Field Corn Nematode Management 1

Jimmy R. Rich and Robert A. Kinloch 2

Nematodes That Attack Field Corn

Several nematode species are known to damage field corn in Florida. The most important is the sting nematode (Belonolaimus longicaudatus) whose distribution is limited to very sandy soils such as those typical of peninsular Florida. Stubby root (Paratrichodorus spp.), lesion (Pratylenchus spp.), lance (Hoplolaimus spp.), and root-knot (Meloidogyne spp.) nematodes may also affect field corn growth. Yield reductions by most kinds of nematodes parasitizing field corn are usually severest in the sandiest soils and in times of drought.

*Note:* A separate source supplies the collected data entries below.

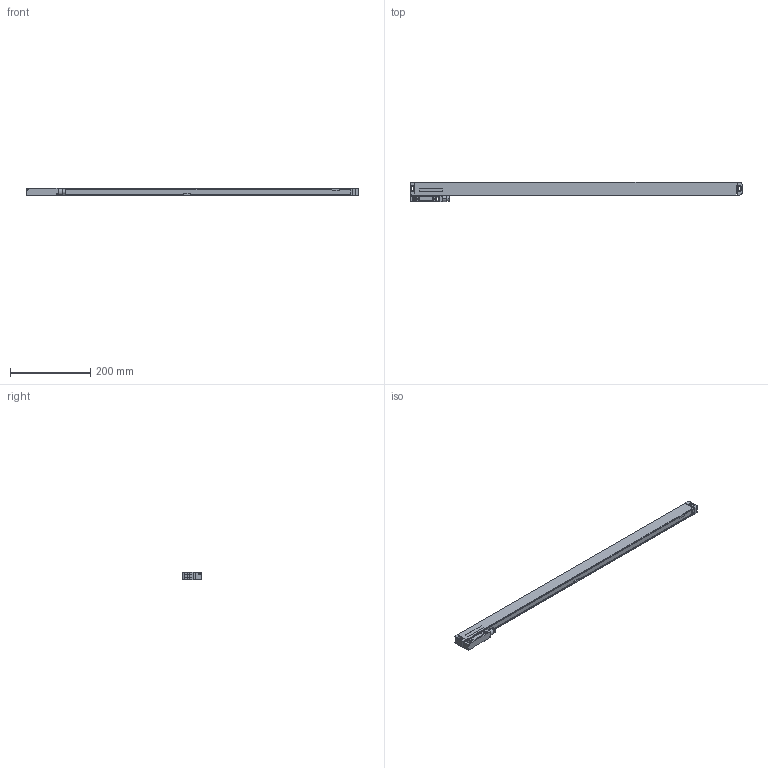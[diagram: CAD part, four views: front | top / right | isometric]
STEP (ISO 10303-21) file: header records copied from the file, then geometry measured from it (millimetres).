
FILE_DESCRIPTION((''),'2;1');
FILE_NAME('1349762-01-Z01_ASM','2021-05-31T10:58:37',('AT10150'),(''),'CREO PARAMETRIC BY PTC INC, 2019164','CREO PARAMETRIC BY PTC INC, 2019164','');
FILE_SCHEMA(('AUTOMOTIVE_DESIGN { 1 0 10303 214 1 1 1 1 }'));
Length unit declared in the file: millimetre
Products named in the file (3): 1349762-01-Z02; 1349762-01-Z10; 1349762-01-Z01_ASM
Assembly tree (2 placements, depth 2):
  1349762-01-Z01_ASM
    1349762-01-Z02
    1349762-01-Z10
Bounding box: 825 x 49 x 18 mm (x, y, z)
Volume: 449638.9 mm3; surface area: 101967.2 mm2
Topology: 2 solids, 2 shells, 211 faces, 980 edges, 786 vertices
Faces by surface type: plane 136, cylinder 67, cone 8
Entity records: 12247 total; most frequent: CARTESIAN_POINT 1793, DIRECTION 1482, ORIENTED_EDGE 1128, PRESENTATION_STYLE_ASSIGNMENT 978, STYLED_ITEM 978, CURVE_STYLE 976, VECTOR 766, LINE 766
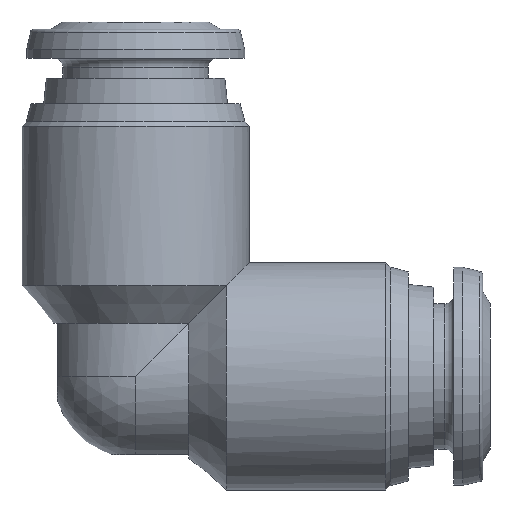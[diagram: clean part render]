
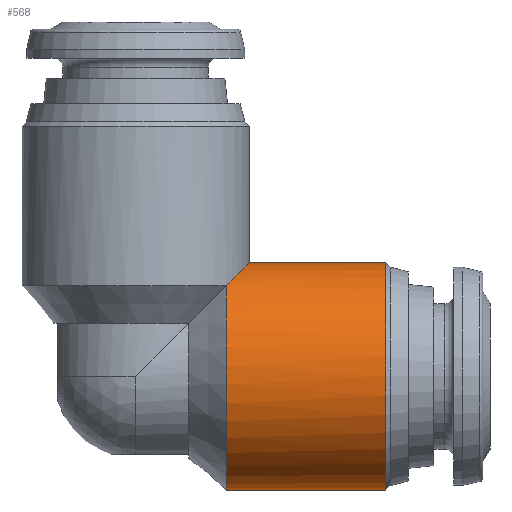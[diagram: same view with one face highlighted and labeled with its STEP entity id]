
A CAD part, left-side view. The second image highlights one B-rep face of the part: STEP entity #568.
In plain terms, the highlighted cylindrical face has radius 6.25 mm (diameter 12.5 mm), a full revolution.
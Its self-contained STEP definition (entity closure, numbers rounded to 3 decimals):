
#62=ELLIPSE('',#651,8.839,6.25);
#68=CIRCLE('',#633,6.25);
#78=CIRCLE('',#650,6.25);
#151=ORIENTED_EDGE('',*,*,#267,.F.);
#152=ORIENTED_EDGE('',*,*,#268,.F.);
#153=ORIENTED_EDGE('',*,*,#252,.T.);
#252=EDGE_CURVE('',#315,#314,#68,.T.);
#267=EDGE_CURVE('',#323,#323,#78,.T.);
#268=EDGE_CURVE('',#315,#314,#62,.F.);
#314=VERTEX_POINT('',#971);
#315=VERTEX_POINT('',#973);
#323=VERTEX_POINT('',#1008);
#379=EDGE_LOOP('',(#151));
#380=EDGE_LOOP('',(#152,#153));
#467=FACE_BOUND('',#379,.T.);
#468=FACE_BOUND('',#380,.T.);
#551=CYLINDRICAL_SURFACE('',#649,6.25);
#568=ADVANCED_FACE('',(#467,#468),#551,.T.);
#633=AXIS2_PLACEMENT_3D('',#972,#752,#753);
#649=AXIS2_PLACEMENT_3D('',#1006,#786,#787);
#650=AXIS2_PLACEMENT_3D('',#1007,#788,#789);
#651=AXIS2_PLACEMENT_3D('',#1009,#790,#791);
#752=DIRECTION('',(0.,-1.,0.));
#753=DIRECTION('',(0.,0.,-1.));
#786=DIRECTION('',(0.,-1.,0.));
#787=DIRECTION('',(0.,0.,-1.));
#788=DIRECTION('',(0.,-1.,0.));
#789=DIRECTION('',(0.,0.,-1.));
#790=DIRECTION('',(0.,-0.707,-0.707));
#791=DIRECTION('',(0.,-0.707,0.707));
#971=CARTESIAN_POINT('',(3.75,14.5,5.));
#972=CARTESIAN_POINT('',(0.,14.5,0.));
#973=CARTESIAN_POINT('',(-3.75,14.5,5.));
#1006=CARTESIAN_POINT('',(0.,0.,0.));
#1007=CARTESIAN_POINT('',(0.,5.732,0.));
#1008=CARTESIAN_POINT('',(0.,5.732,-6.25));
#1009=CARTESIAN_POINT('',(0.,19.5,0.));
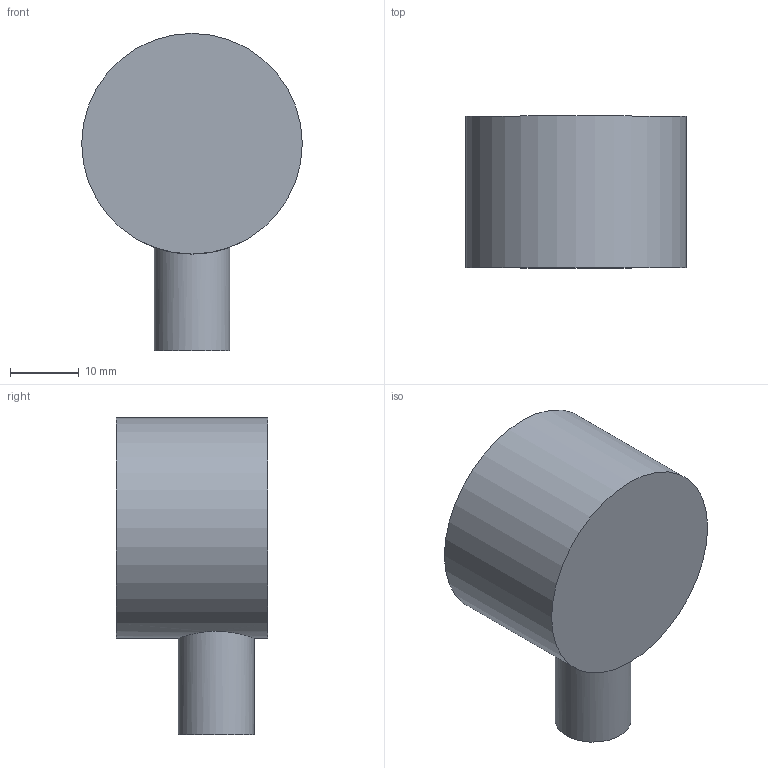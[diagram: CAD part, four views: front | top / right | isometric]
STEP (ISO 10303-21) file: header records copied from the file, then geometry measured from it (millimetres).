
FILE_DESCRIPTION(/* description */ (''),/* implementation_level */ '2;1');
FILE_NAME(/* name */ 'dehumid adapter v4.stp',/* time_stamp */ '2025-09-12T00:16:31+02:00',/* author */ (''),/* organization */ (''),/* preprocessor_version */ 'ST-DEVELOPER v20.1',/* originating_system */ 'Autodesk Translation Framework v14.10.0.0',/* authorisation */ '');
FILE_SCHEMA (('AUTOMOTIVE_DESIGN { 1 0 10303 214 3 1 1 }'));
Length unit declared in the file: millimetre
Products named in the file (1): dehumid adapter
Bounding box: 32 x 22 x 46 mm (x, y, z)
Volume: 9575.2 mm3; surface area: 5952.9 mm2
Topology: 1 solids, 1 shells, 10 faces, 21 edges, 14 vertices
Faces by surface type: plane 6, cylinder 4
Full cylindrical faces by diameter (mm): 9 x1, 11 x1, 27 x1, 32 x1
Entity records: 373 total; most frequent: CARTESIAN_POINT 114, DIRECTION 50, ORIENTED_EDGE 42, AXIS2_PLACEMENT_3D 22, EDGE_CURVE 21, VERTEX_POINT 14, EDGE_LOOP 13, FACE_OUTER_BOUND 10

Generally, well-irrigated field corn helps to overcomes nematode predation.

Diagnosis

The presence or potential for nematode problems in cotton could be suggested by one or more of the following: 1) Cropping history of the field, e.g. two or more years production of corn, grass crops or equally nematode-susceptible crops; 2) Above-ground symptoms including off-color and/or stunted corn in spots or large areas of a field; 3) Below-ground symptoms such as small knots on roots or stunted and swollen root tips.

Foliar Symptoms

Above-ground symptoms of nematode injury include stunting, thin stands, premature wilting under moderate heat or drought stress, and nutrient deficiency symptoms. Since nematode numbers can vary greatly within very short distances in the field, areas of stunted growth, yield reduction, and other above-ground symptoms of nematode damage vary greatly in shape, size, and distribution. Symptoms and yield loss are worse in soils that are sandy, dry, and infertile.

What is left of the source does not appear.